The entries are to be written out word for word, with their images left out.

=-=-=

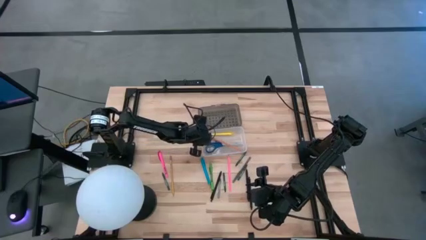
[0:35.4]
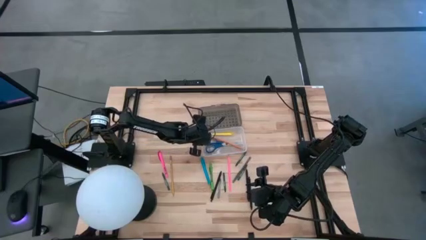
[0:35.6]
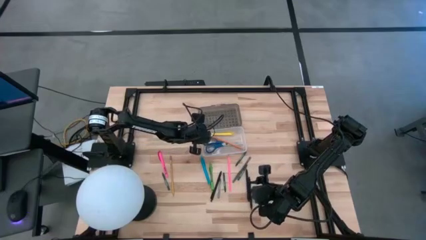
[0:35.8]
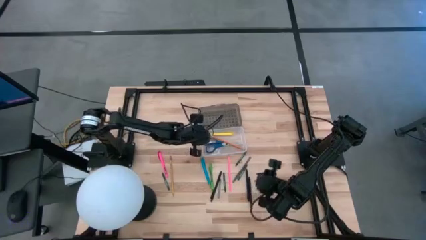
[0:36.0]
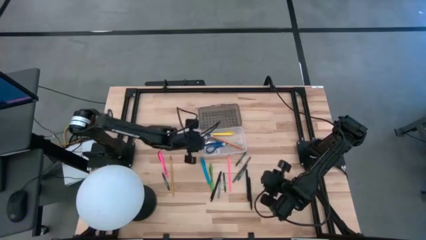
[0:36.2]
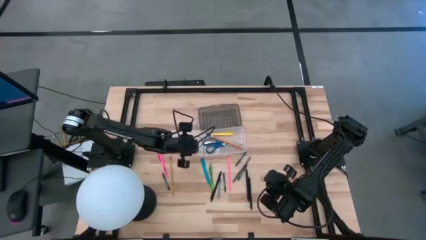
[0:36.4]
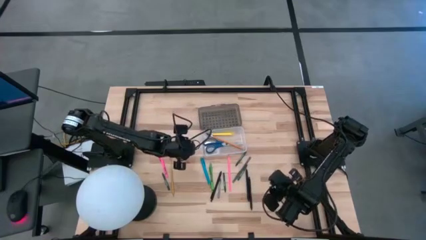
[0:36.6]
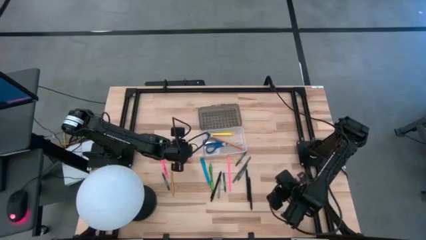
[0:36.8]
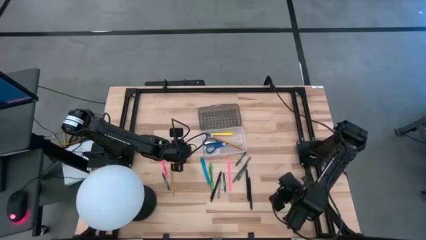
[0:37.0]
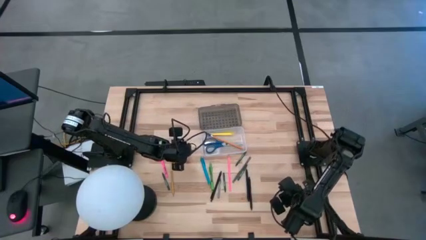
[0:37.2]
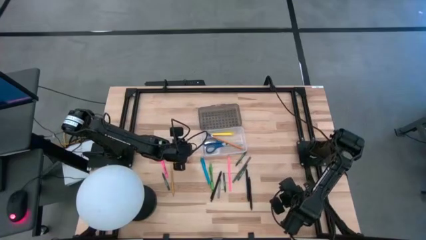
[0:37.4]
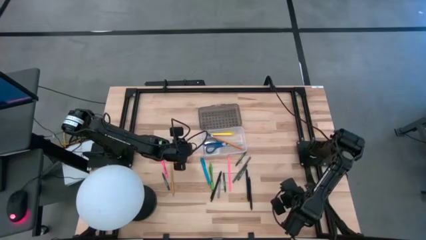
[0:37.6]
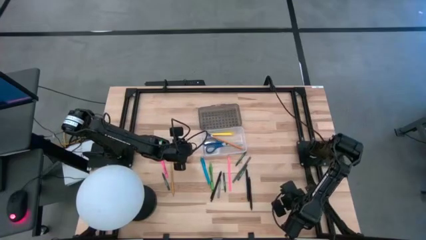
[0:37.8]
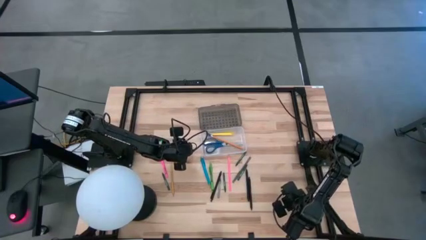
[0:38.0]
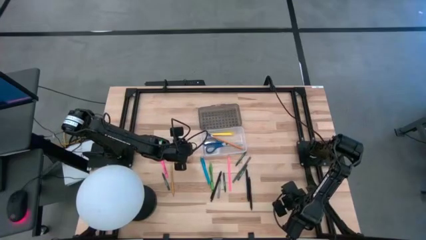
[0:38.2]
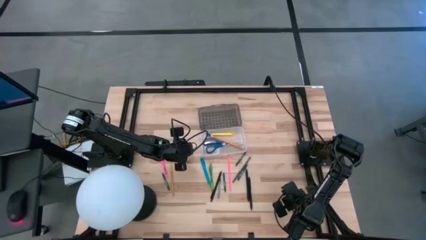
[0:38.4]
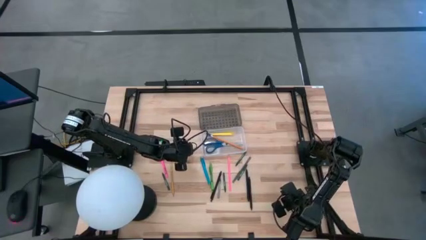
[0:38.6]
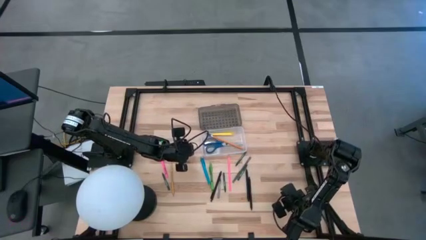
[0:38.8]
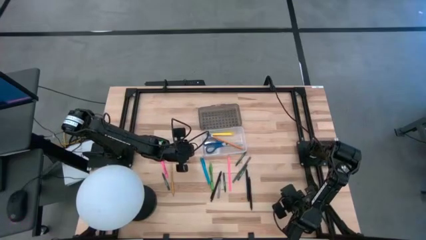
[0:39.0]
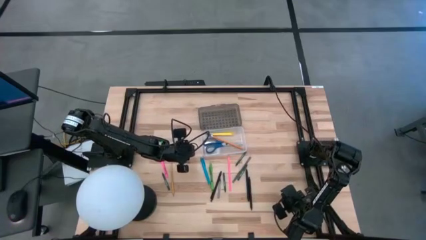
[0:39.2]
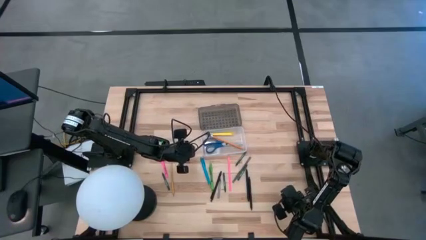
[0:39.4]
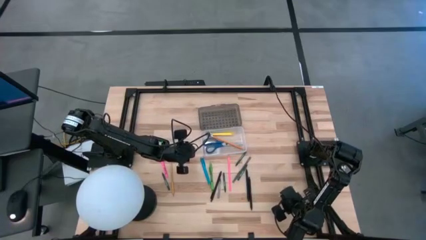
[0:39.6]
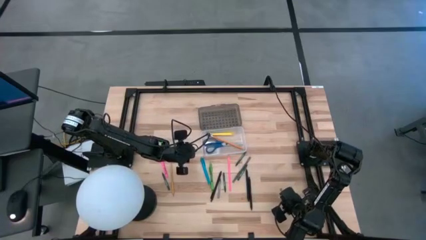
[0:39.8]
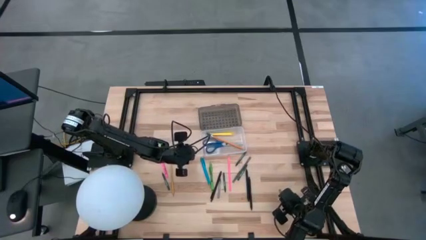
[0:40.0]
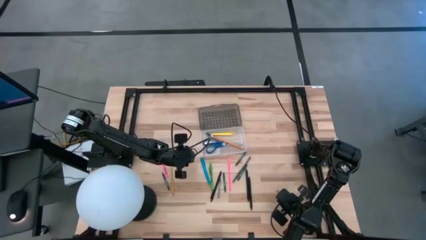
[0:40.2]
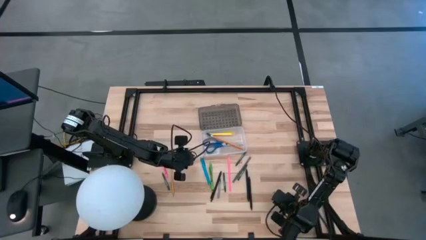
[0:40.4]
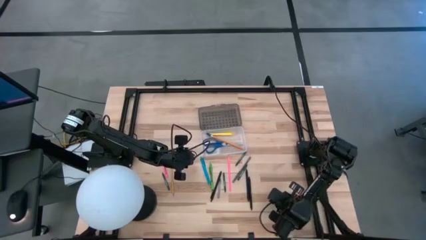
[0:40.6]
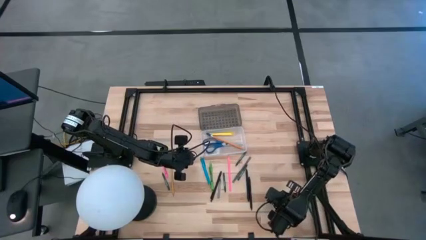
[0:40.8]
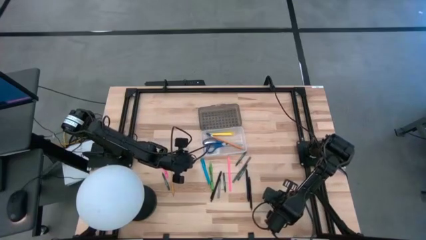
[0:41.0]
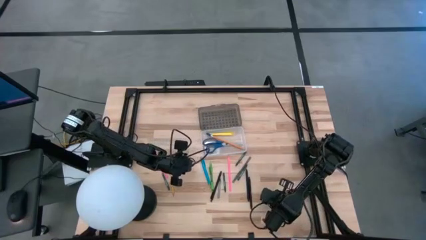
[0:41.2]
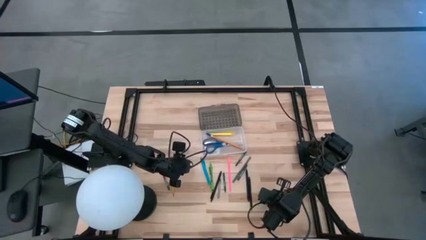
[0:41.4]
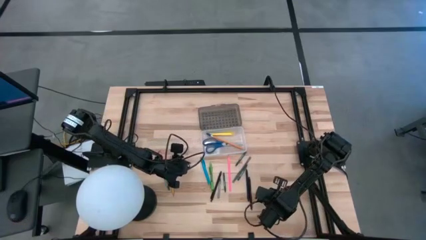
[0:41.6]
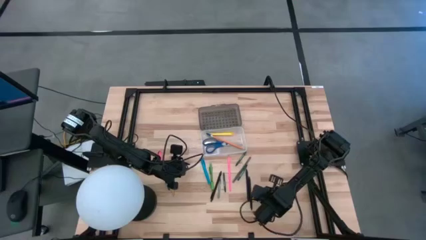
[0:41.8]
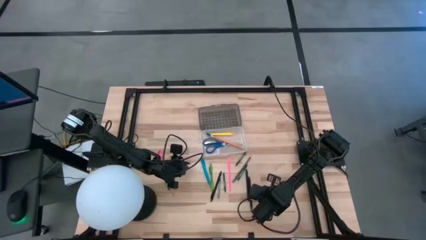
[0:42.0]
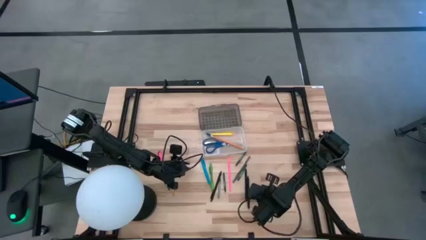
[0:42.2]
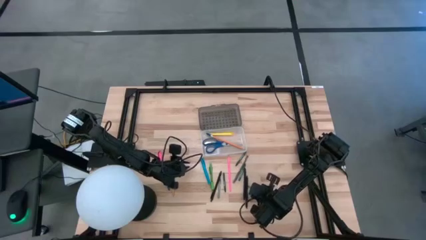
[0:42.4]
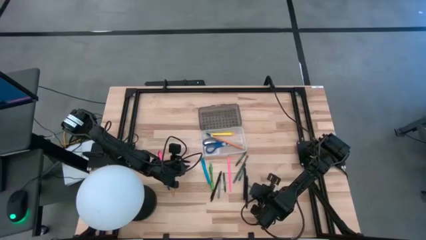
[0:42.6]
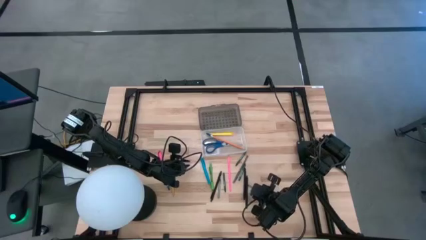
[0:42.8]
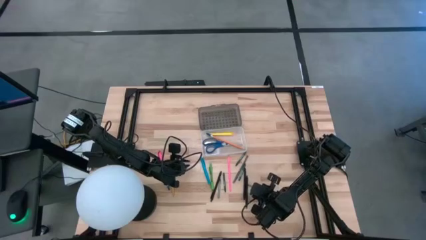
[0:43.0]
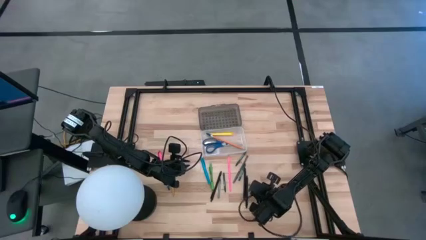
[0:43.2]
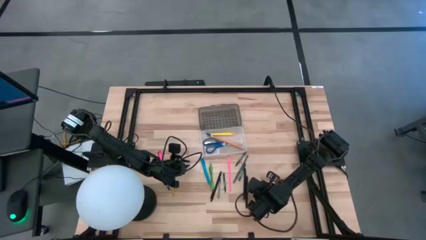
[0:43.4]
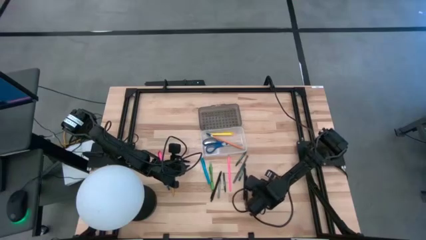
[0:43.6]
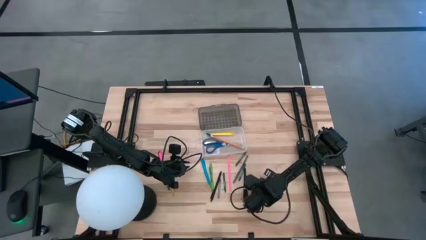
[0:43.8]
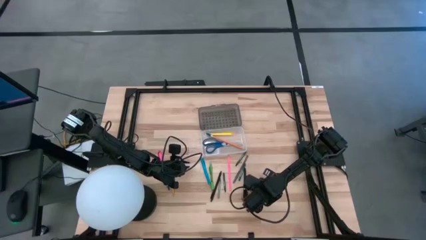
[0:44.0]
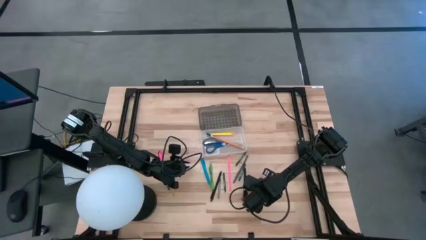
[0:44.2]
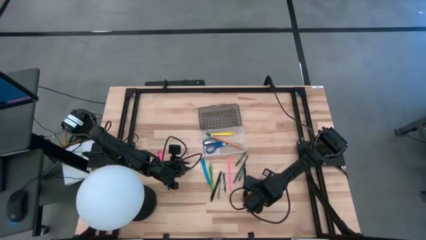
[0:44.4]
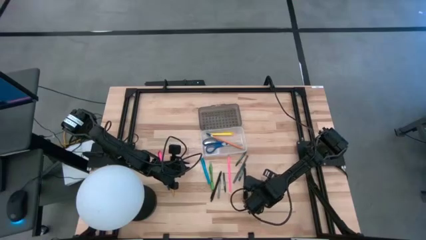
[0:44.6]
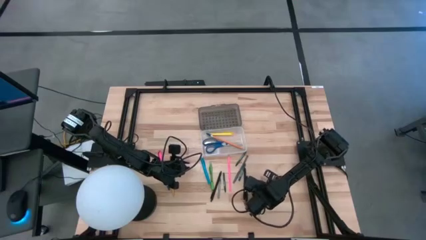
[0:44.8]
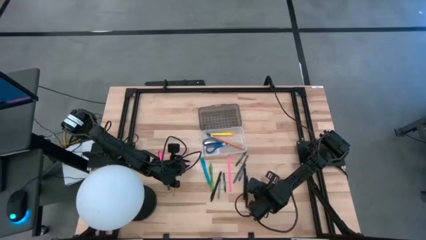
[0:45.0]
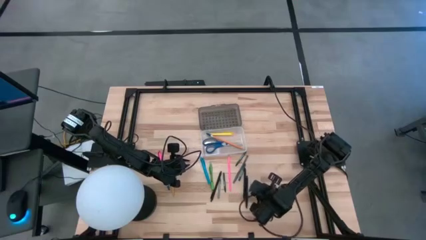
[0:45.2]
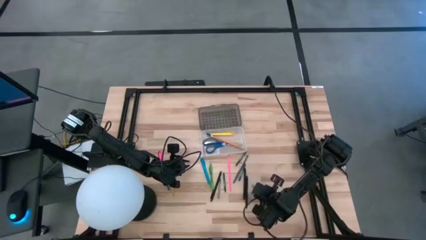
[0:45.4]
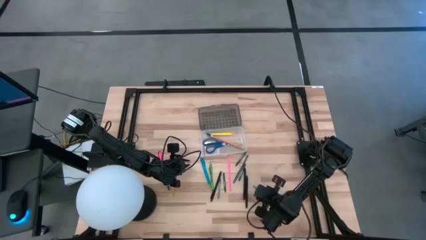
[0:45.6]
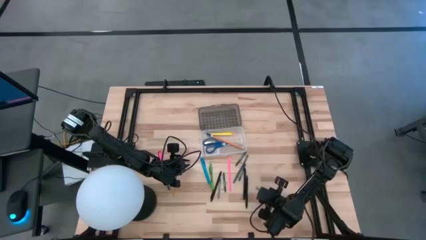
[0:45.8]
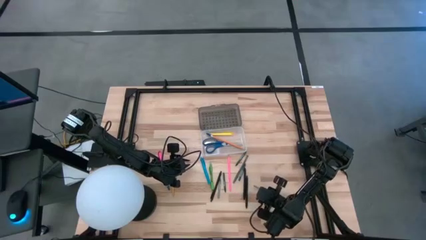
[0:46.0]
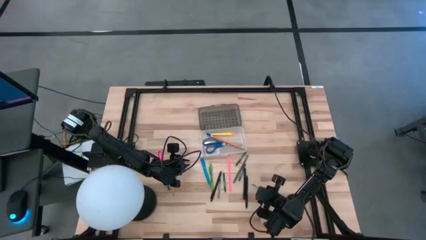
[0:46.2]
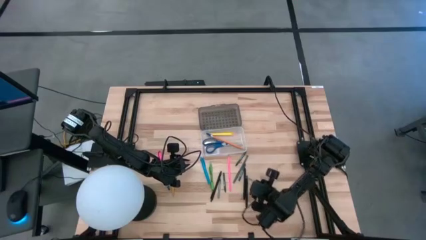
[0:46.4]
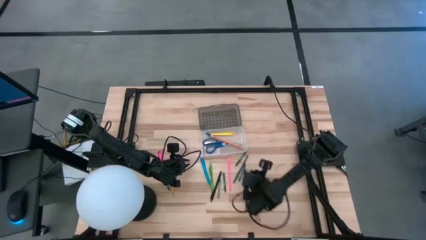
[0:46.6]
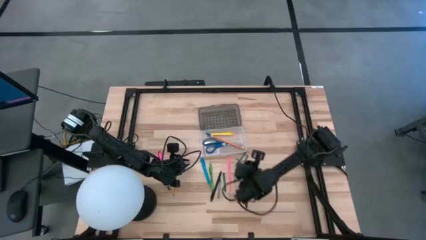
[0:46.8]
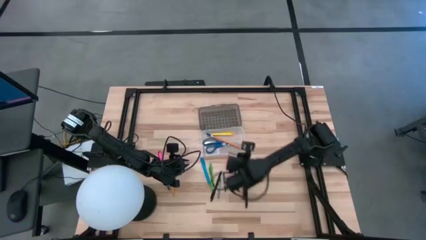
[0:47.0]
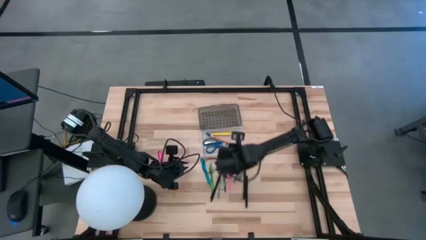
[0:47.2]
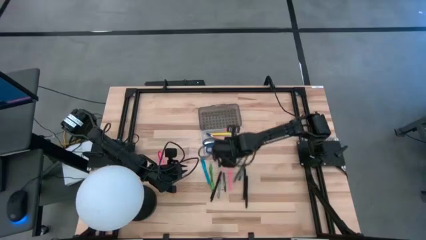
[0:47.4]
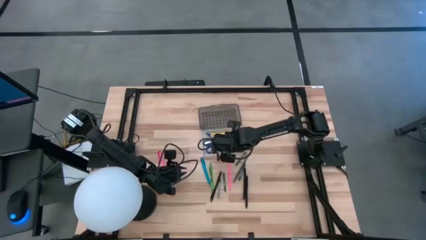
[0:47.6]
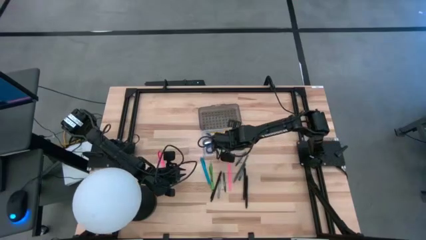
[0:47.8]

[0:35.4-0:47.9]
Task: Pick & place school supplies into a supply box
Put the gray crayon into the supply box

=-=-=

> RESULT OF THE TASK
[0:35.4]
[0:35.6]
[0:35.8]
[0:36.0]
[0:36.2]
[0:36.4]
[0:36.6]
[0:36.8]
[0:37.0]
[0:37.2]
[0:37.4]
[0:37.6]
[0:37.8]
[0:38.0]
[0:38.2]
[0:38.4]
[0:38.6]
[0:38.8]
[0:39.0]
[0:39.2]
[0:39.4]
[0:39.6]
[0:39.8]
[0:40.0]
[0:40.2]
[0:40.4]
[0:40.6]
[0:40.8]
[0:41.0]
[0:41.2]
[0:41.4]
[0:41.6]
[0:41.8]
[0:42.0]
[0:42.2]
[0:42.4]
[0:42.6]
[0:42.8]
[0:43.0]
[0:43.2]
[0:43.4]
[0:43.6]
[0:43.8]
[0:44.0]
[0:44.2]
[0:44.4]
[0:44.6]
[0:44.8]
[0:45.0]
[0:45.2]
[0:45.4]
[0:45.6]
[0:45.8]
[0:46.0]
[0:46.2]
[0:46.4]
[0:46.6]
[0:46.8]
[0:47.0]
[0:47.2]
[0:47.4]
[0:47.6]
[0:47.8]

[0:35.4-0:47.9]
Task: Pick & place school supplies into a supply box
Put the gray crayon into the supply box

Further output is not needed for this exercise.